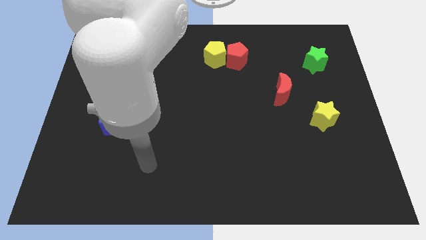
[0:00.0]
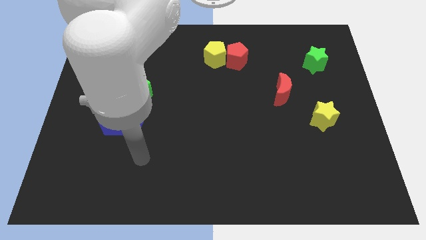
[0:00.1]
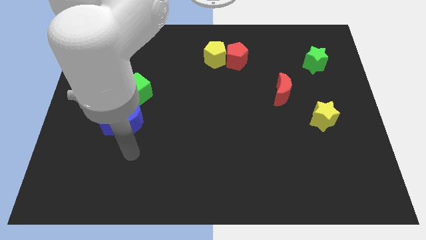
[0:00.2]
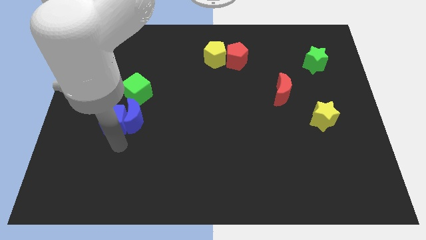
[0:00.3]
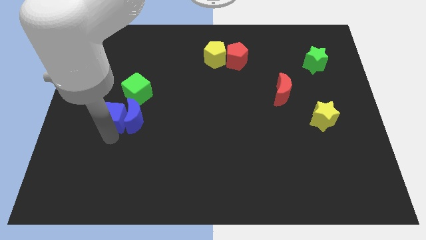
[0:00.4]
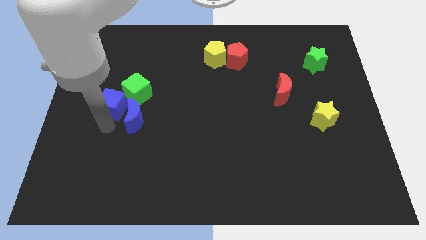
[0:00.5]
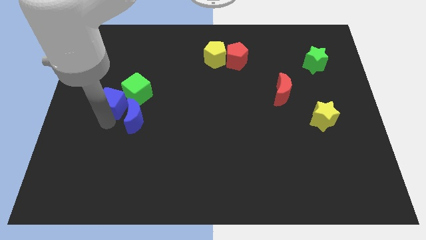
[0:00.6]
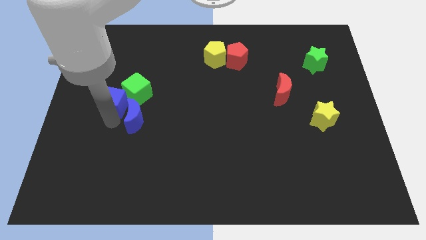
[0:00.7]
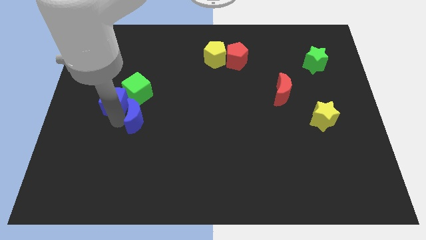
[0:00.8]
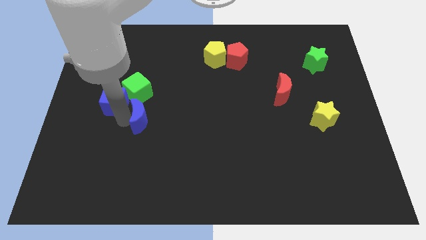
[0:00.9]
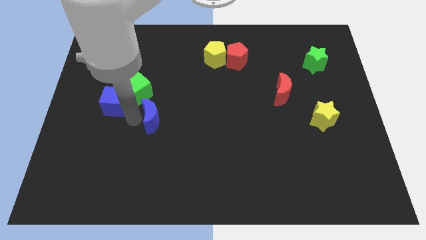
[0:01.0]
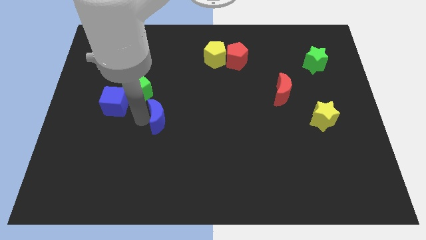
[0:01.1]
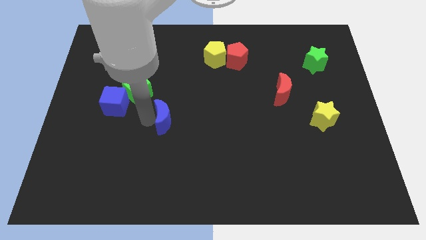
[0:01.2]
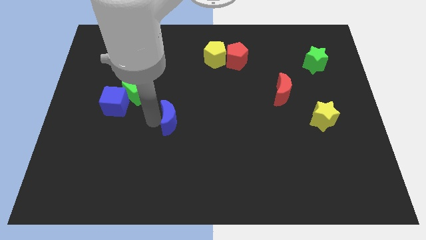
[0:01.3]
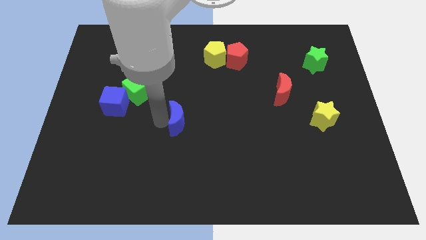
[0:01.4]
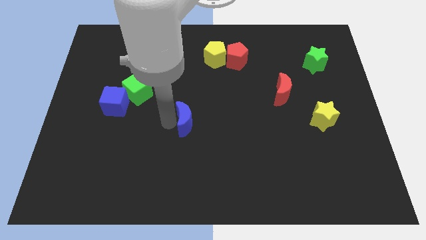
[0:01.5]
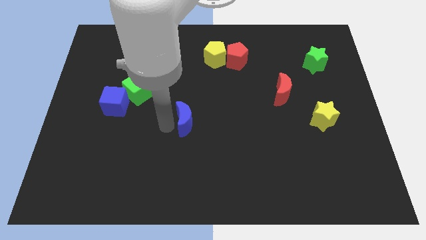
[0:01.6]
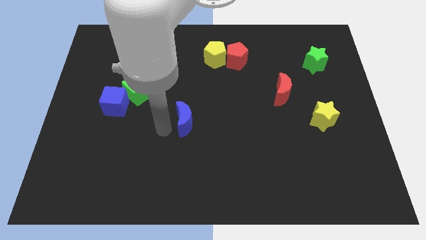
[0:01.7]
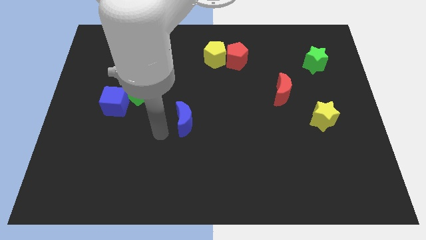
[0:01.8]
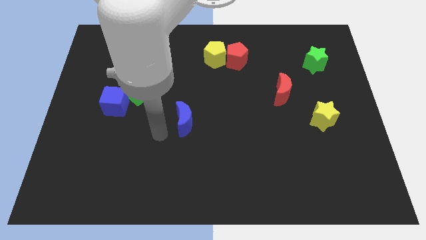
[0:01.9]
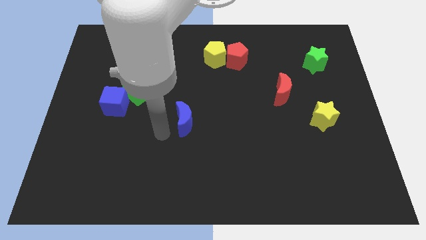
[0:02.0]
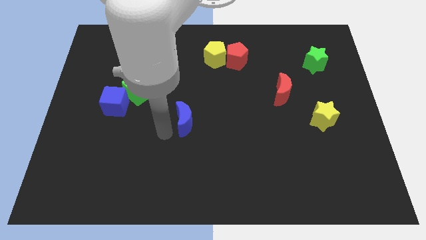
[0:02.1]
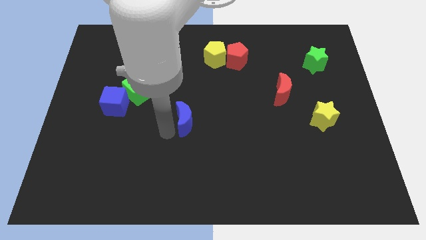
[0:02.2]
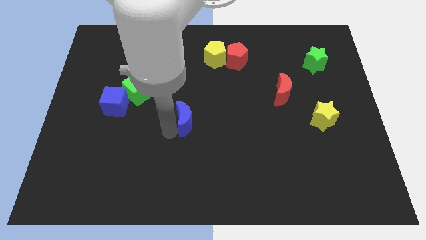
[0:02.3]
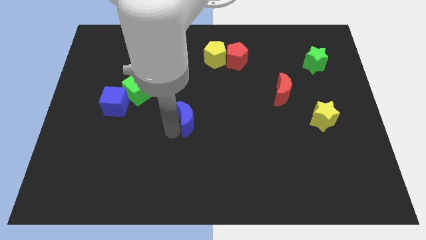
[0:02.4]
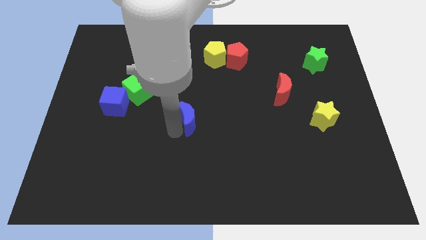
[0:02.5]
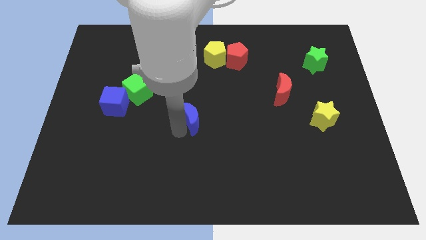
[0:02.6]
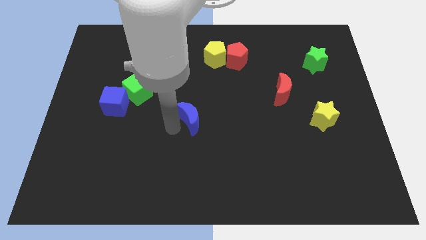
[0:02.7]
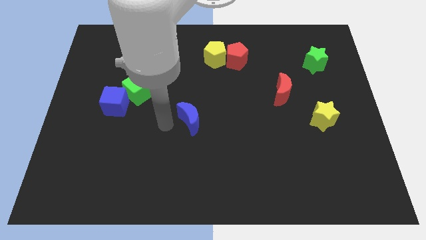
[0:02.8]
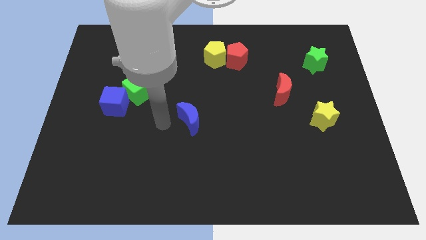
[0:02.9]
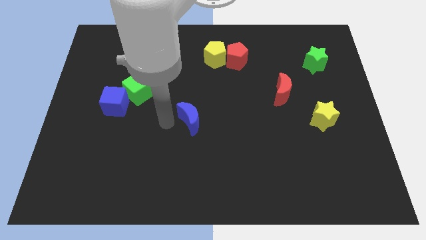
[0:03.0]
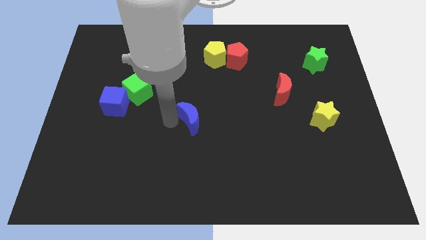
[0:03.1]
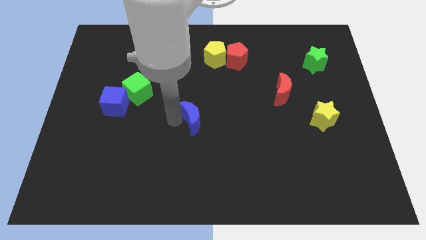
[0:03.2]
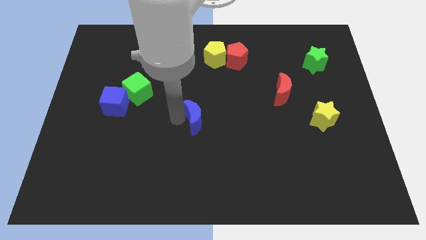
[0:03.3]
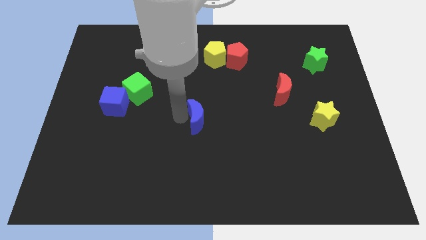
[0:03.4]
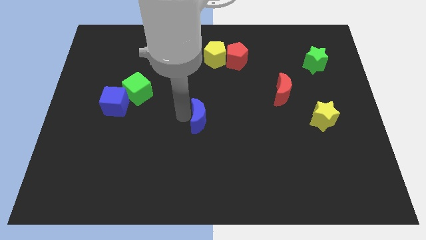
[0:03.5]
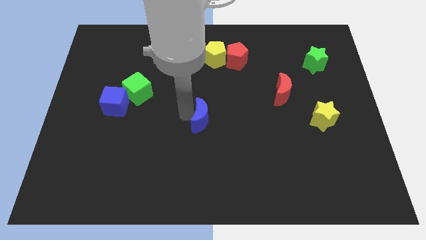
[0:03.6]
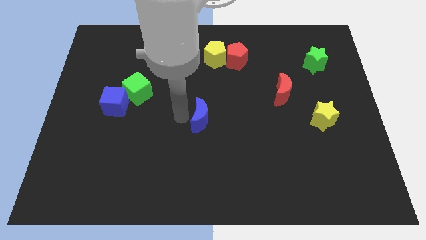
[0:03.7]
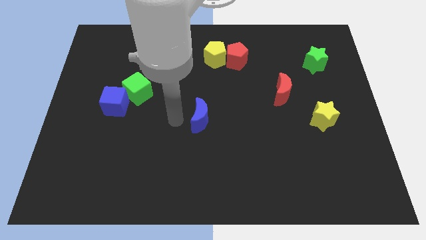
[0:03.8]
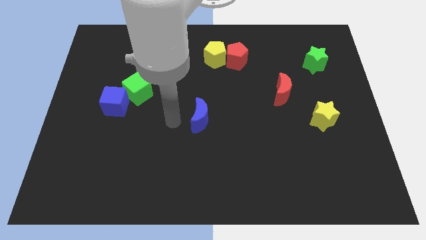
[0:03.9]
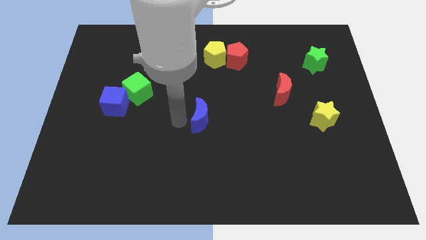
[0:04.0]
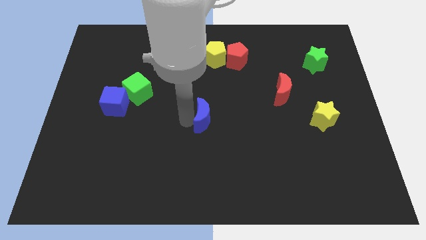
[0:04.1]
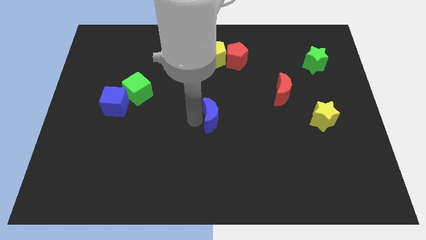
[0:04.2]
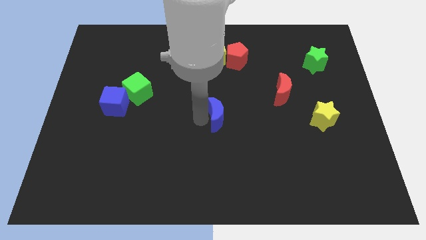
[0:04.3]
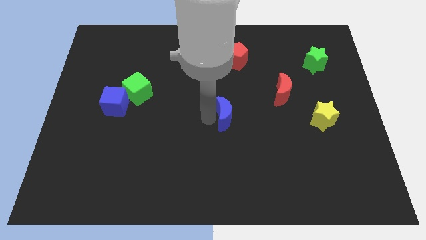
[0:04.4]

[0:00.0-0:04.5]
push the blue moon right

• • • • •

In repeating the lines above, keep the wording exact and leave every picture out.

* **Response to this task**:
[0:00.0]
[0:00.1]
[0:00.2]
[0:00.3]
[0:00.4]
[0:00.5]
[0:00.6]
[0:00.7]
[0:00.8]
[0:00.9]
[0:01.0]
[0:01.1]
[0:01.2]
[0:01.3]
[0:01.4]
[0:01.5]
[0:01.6]
[0:01.7]
[0:01.8]
[0:01.9]
[0:02.0]
[0:02.1]
[0:02.2]
[0:02.3]
[0:02.4]
[0:02.5]
[0:02.6]
[0:02.7]
[0:02.8]
[0:02.9]
[0:03.0]
[0:03.1]
[0:03.2]
[0:03.3]
[0:03.4]
[0:03.5]
[0:03.6]
[0:03.7]
[0:03.8]
[0:03.9]
[0:04.0]
[0:04.1]
[0:04.2]
[0:04.3]
[0:04.4]

[0:00.0-0:04.5]
push the blue moon right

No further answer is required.